* [SOURCE MATERIAL]:
┌──

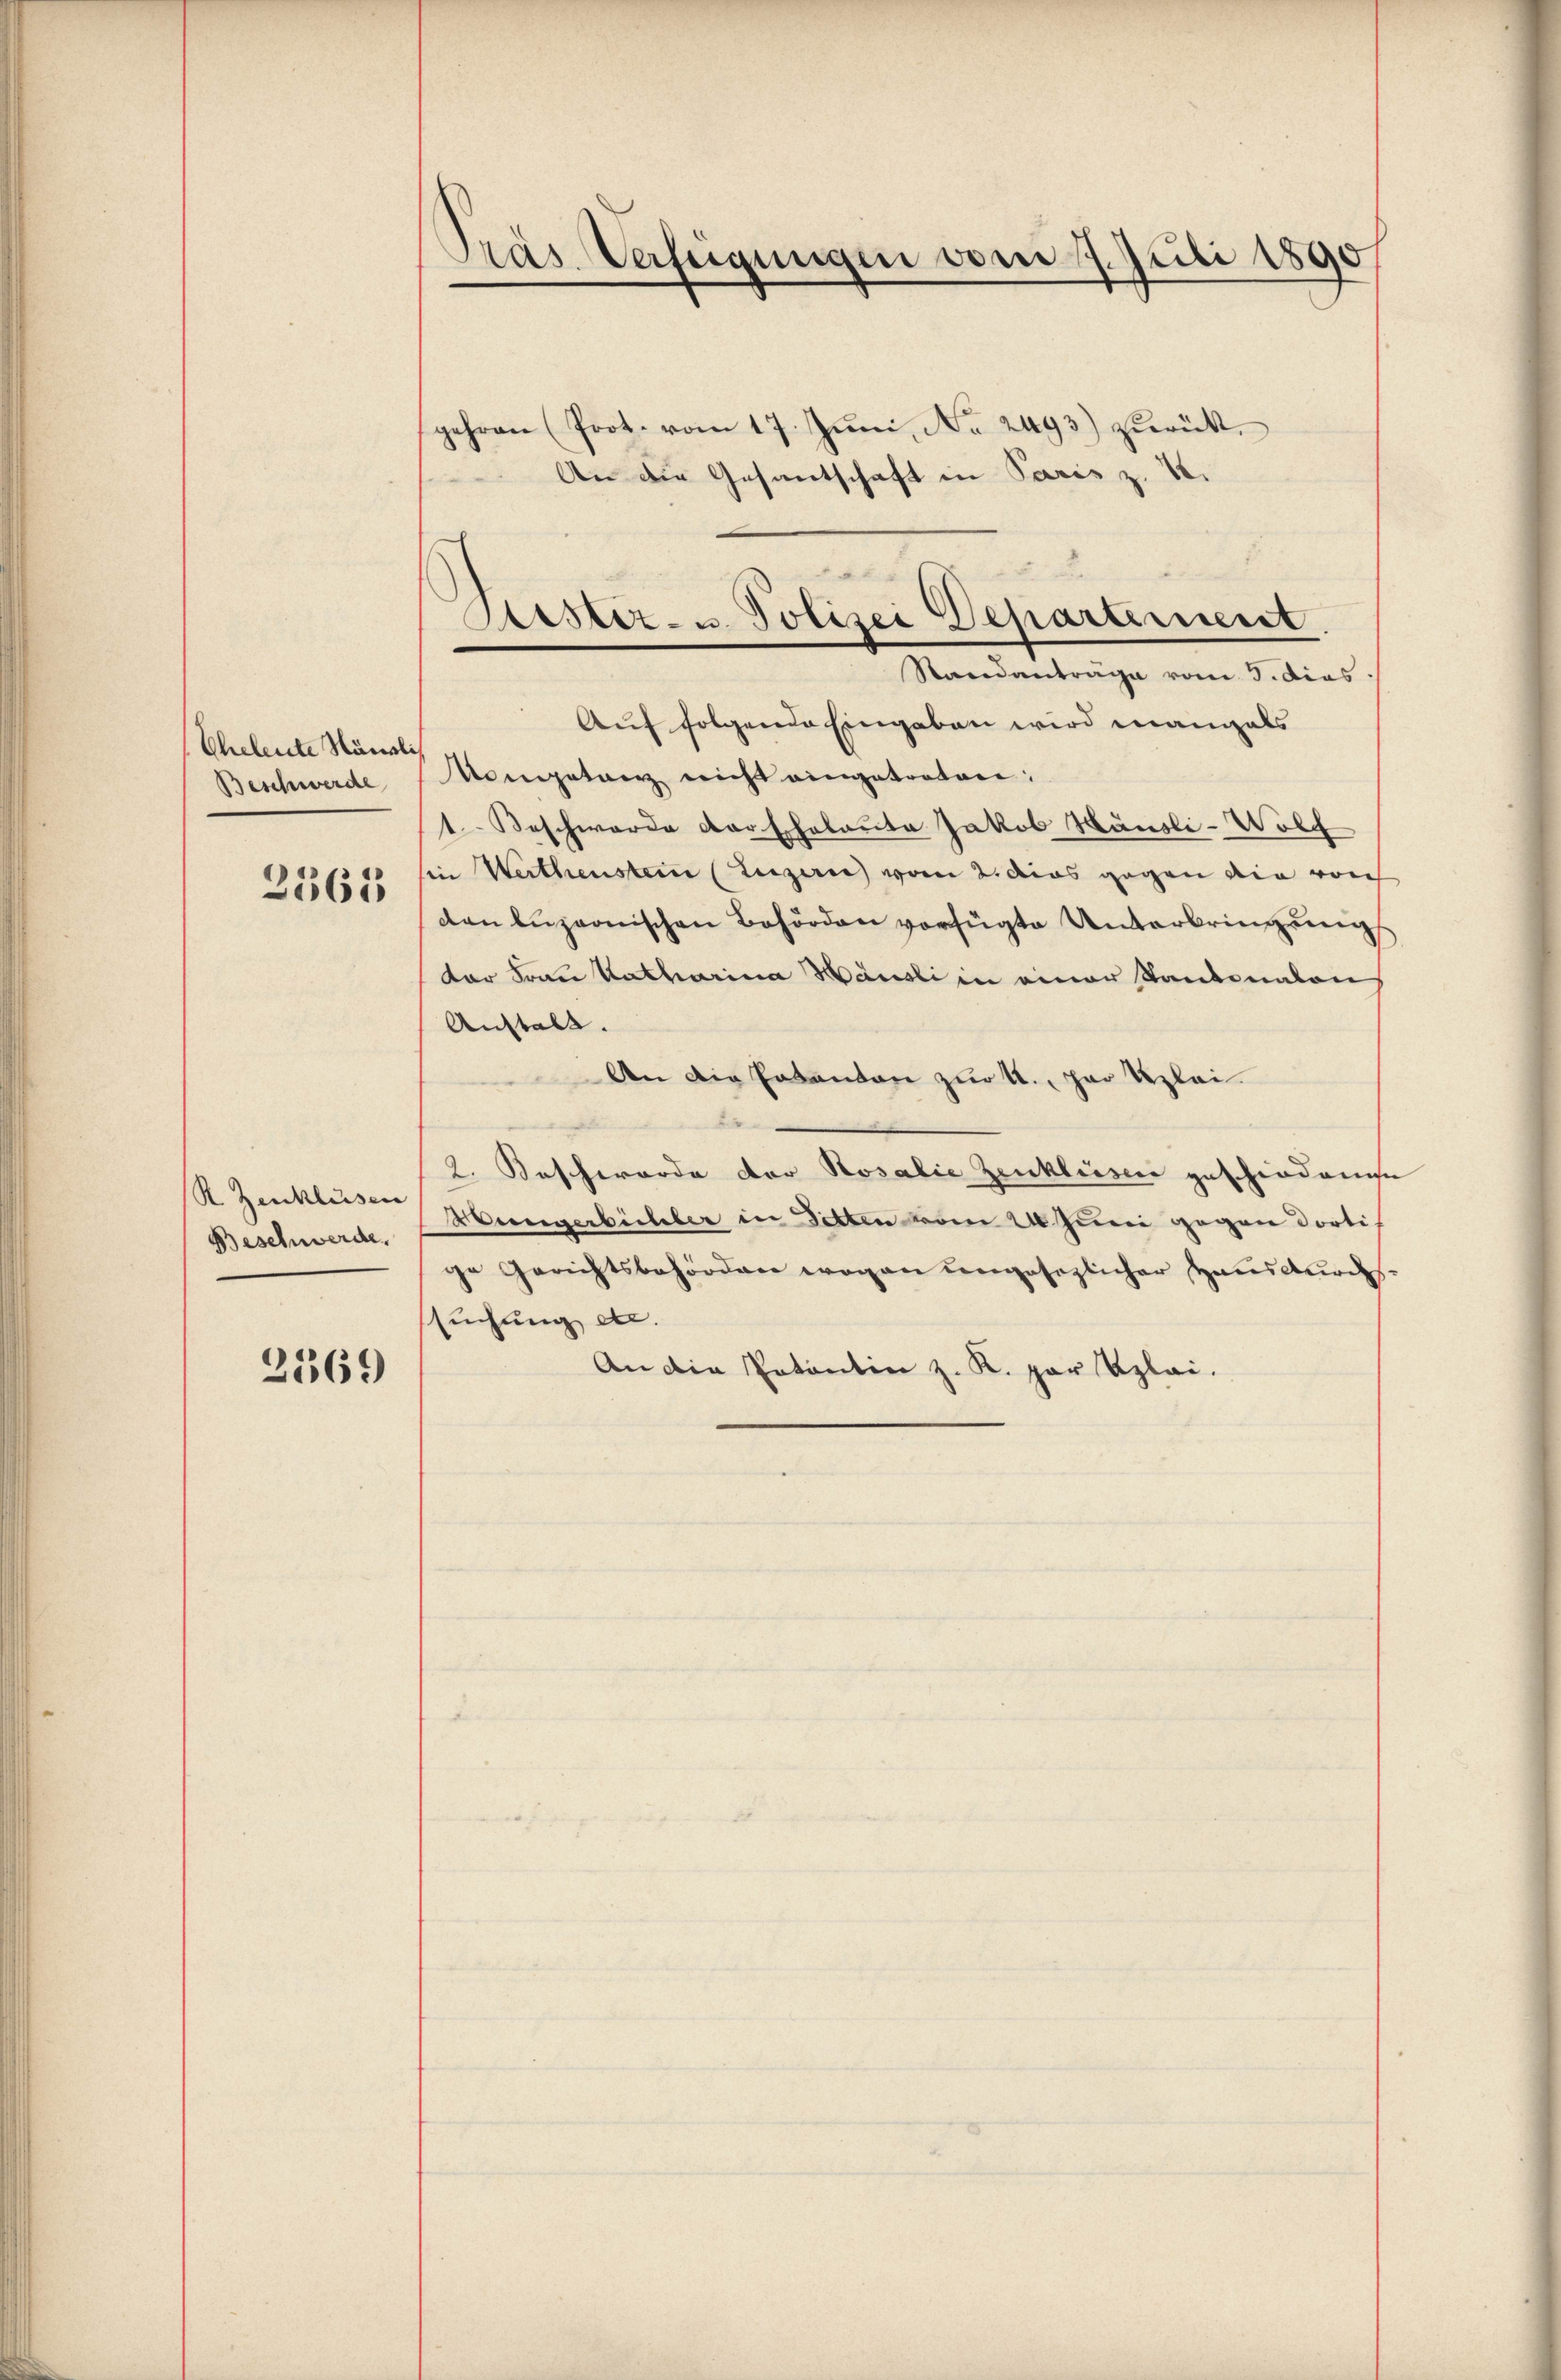
Eheleute Ständlich
Beschwerde
3361

K Zenklüssen
Beschwerde,

2369

Pras Verfügungen vom 7. Juli 1890

Aester- u. Polizei Departement.
Standanträge vom 3. dies

gehren (Prot. vom 17. Jŭni No 2493) zŭrück.
An die Gesantschaft in Paris z. B.
Auf folgende Eingaben wird mangals
Kompetenz nicht eingetreten,
1. Beschwerde der Eheleute Jakob Häusli-Wolf
sin Werthenstern (Luzern vom 2. dies gegen die von
don luzernischen Behörden verfügte Unterbringung
dar Frau Katharina Häusli in einer Kantonalen
Anstalt.
An die Pakanton zur U., par Klei
2. Beschworde der Rosalie Zenkluser geschiedene
Müngerbüchler in Betten vom 24. Juni gegen dorti
ge Gerichtsbehörden wegen ungesezlicher Hausdurch-
suchung etc.
An die Patentin z. K. par Kzlai.
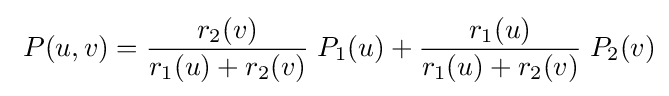
\ P(u,v)={\frac {r_{2}(v)}{r_{1}(u)+r_{2}(v)}}\;P_{1}(u)+{\frac {r_{1}(u)}{r_{1}(u)+r_{2}(v)}}\;P_{2}(v)
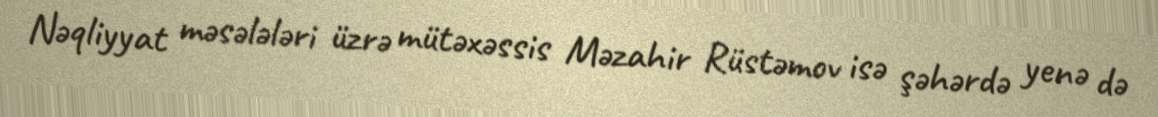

└──

* [WORK REQUEST]:
Ignoring the pictures, write out word for word the lines from the line containing "An die Pakanton zur U., par Klei" through the end of the material above.

* [REPLY TO THE EXERCISE]:
An die Pakanton zur U., par Klei
2. Beschworde der Rosalie Zenkluser geschiedene
Müngerbüchler in Betten vom 24. Juni gegen dorti
ge Gerichtsbehörden wegen ungesezlicher Hausdurch-
suchung etc.
An die Patentin z. K. par Kzlai.
\ P(u,v)={\frac {r_{2}(v)}{r_{1}(u)+r_{2}(v)}}\;P_{1}(u)+{\frac {r_{1}(u)}{r_{1}(u)+r_{2}(v)}}\;P_{2}(v)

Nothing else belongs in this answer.